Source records
──────────
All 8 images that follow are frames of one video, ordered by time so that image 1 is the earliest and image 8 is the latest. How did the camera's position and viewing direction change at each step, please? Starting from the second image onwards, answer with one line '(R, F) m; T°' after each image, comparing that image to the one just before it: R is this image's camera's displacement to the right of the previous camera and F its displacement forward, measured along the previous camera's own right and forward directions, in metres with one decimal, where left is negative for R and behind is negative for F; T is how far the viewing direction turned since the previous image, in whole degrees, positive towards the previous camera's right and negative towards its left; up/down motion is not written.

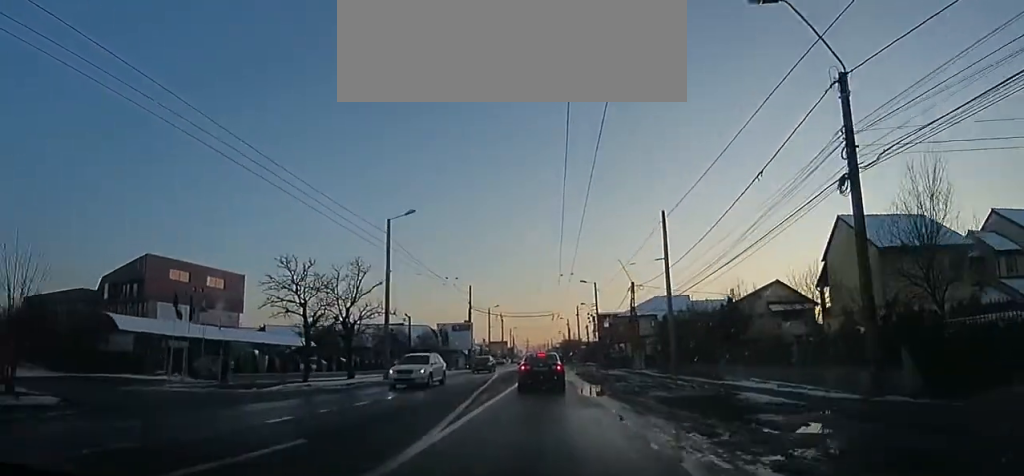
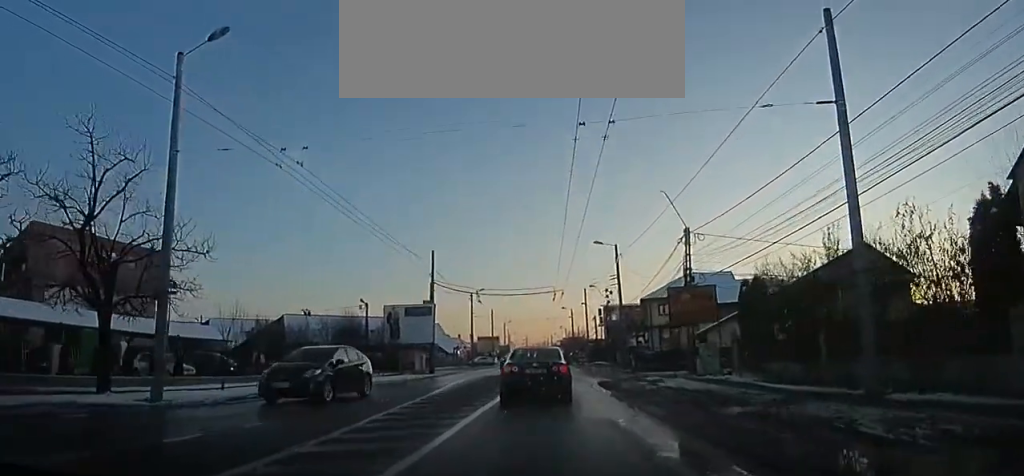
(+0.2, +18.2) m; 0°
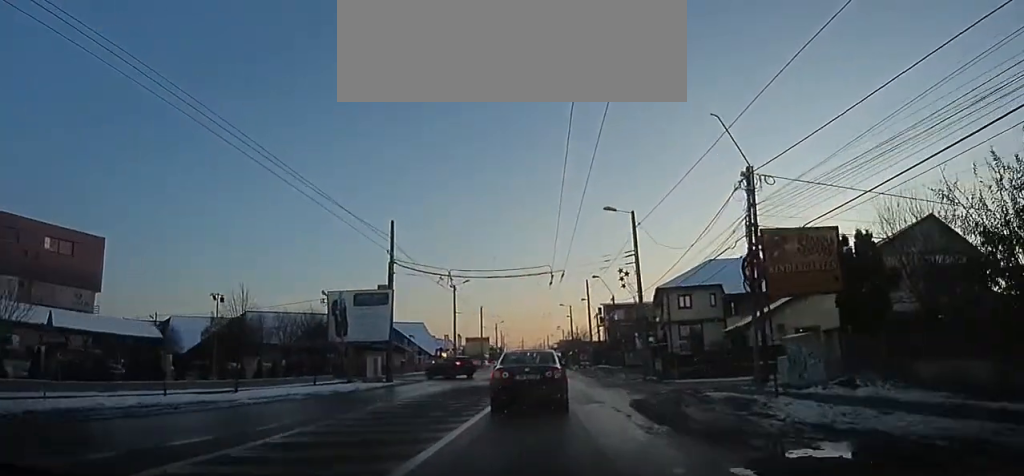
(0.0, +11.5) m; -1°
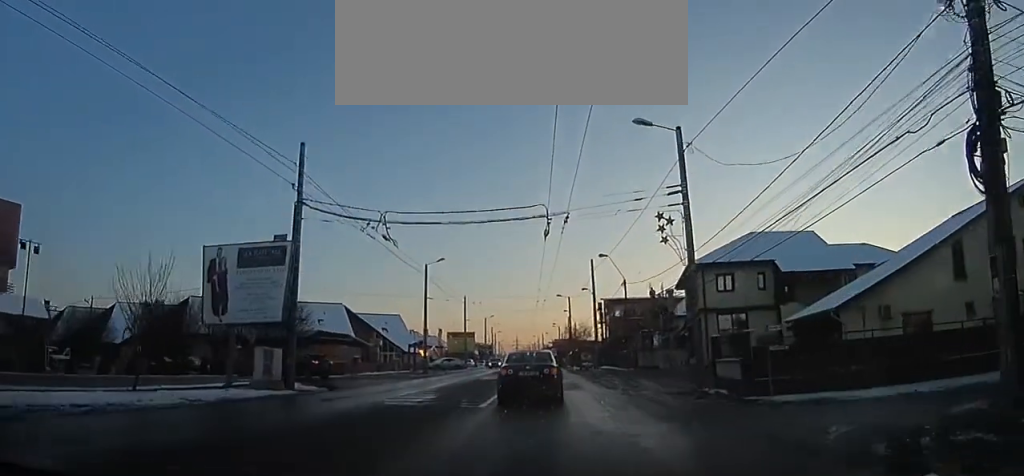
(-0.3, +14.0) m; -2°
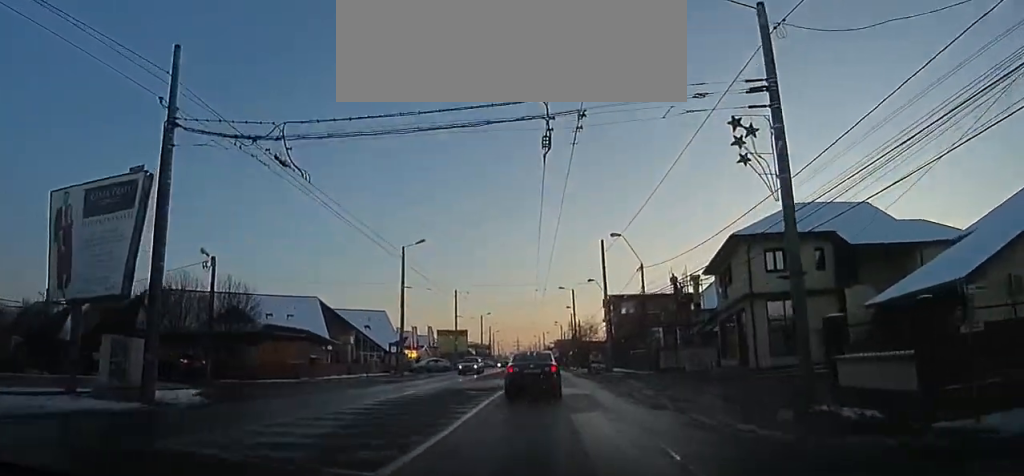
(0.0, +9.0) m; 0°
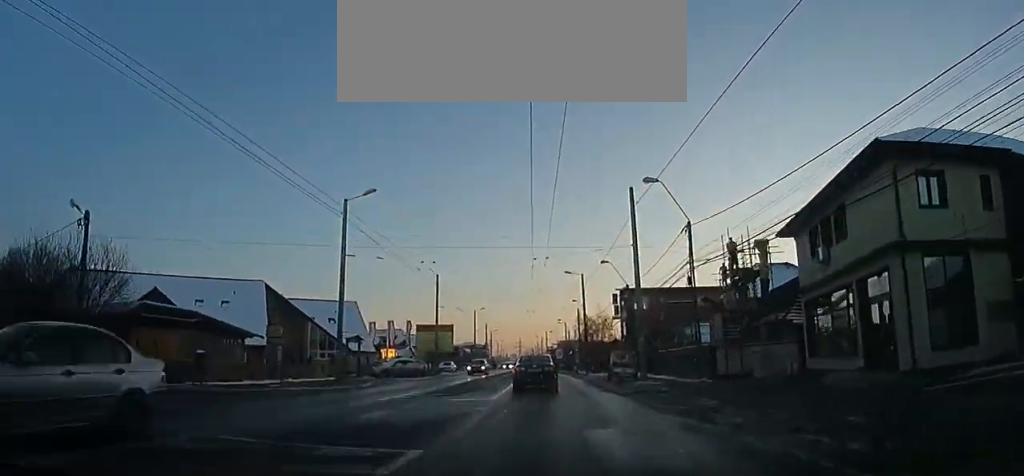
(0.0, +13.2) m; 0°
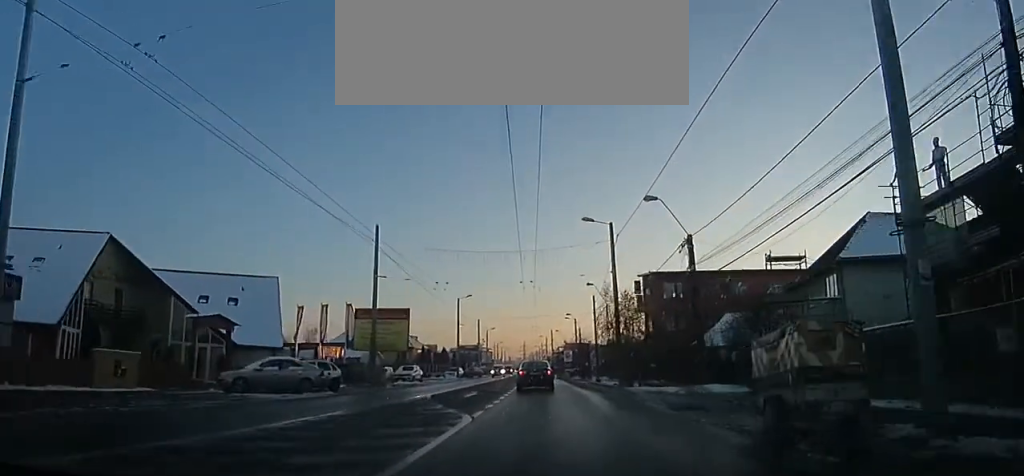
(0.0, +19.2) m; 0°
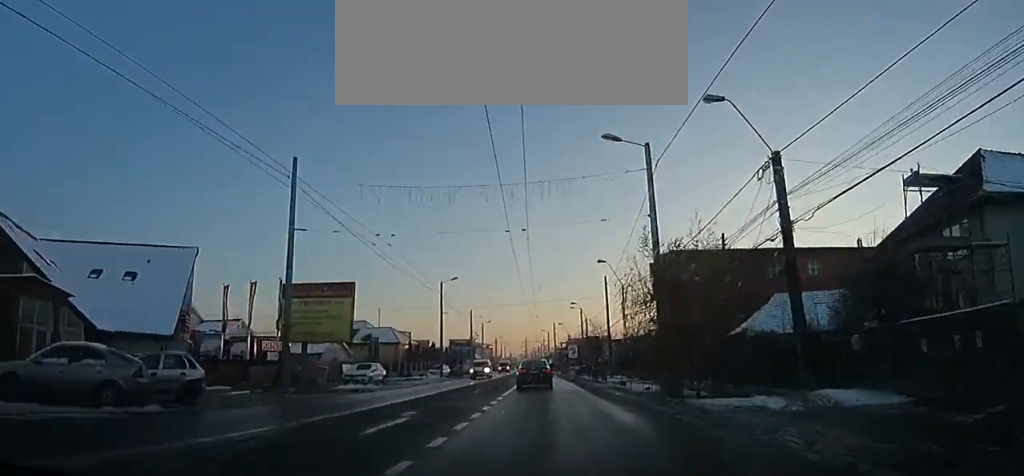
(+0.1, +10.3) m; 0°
──────────
**TASK GOAL**
In your copy, repeat the records above exactly and include no images.

**FINAL ANSWER**
All 8 images that follow are frames of one video, ordered by time so that image 1 is the earliest and image 8 is the latest. How did the camera's position and viewing direction change at each step, please? Starting from the second image onwards, answer with one line '(R, F) m; T°' after each image, comparing that image to the one just before it: R is this image's camera's displacement to the right of the previous camera and F its displacement forward, measured along the previous camera's own right and forward directions, in metres with one decimal, where left is negative for R and behind is negative for F; T is how far the viewing direction turned since the previous image, in whole degrees, positive towards the previous camera's right and negative towards its left; up/down motion is not written.

(+0.2, +18.2) m; 0°
(0.0, +11.5) m; -1°
(-0.3, +14.0) m; -2°
(0.0, +9.0) m; 0°
(0.0, +13.2) m; 0°
(0.0, +19.2) m; 0°
(+0.1, +10.3) m; 0°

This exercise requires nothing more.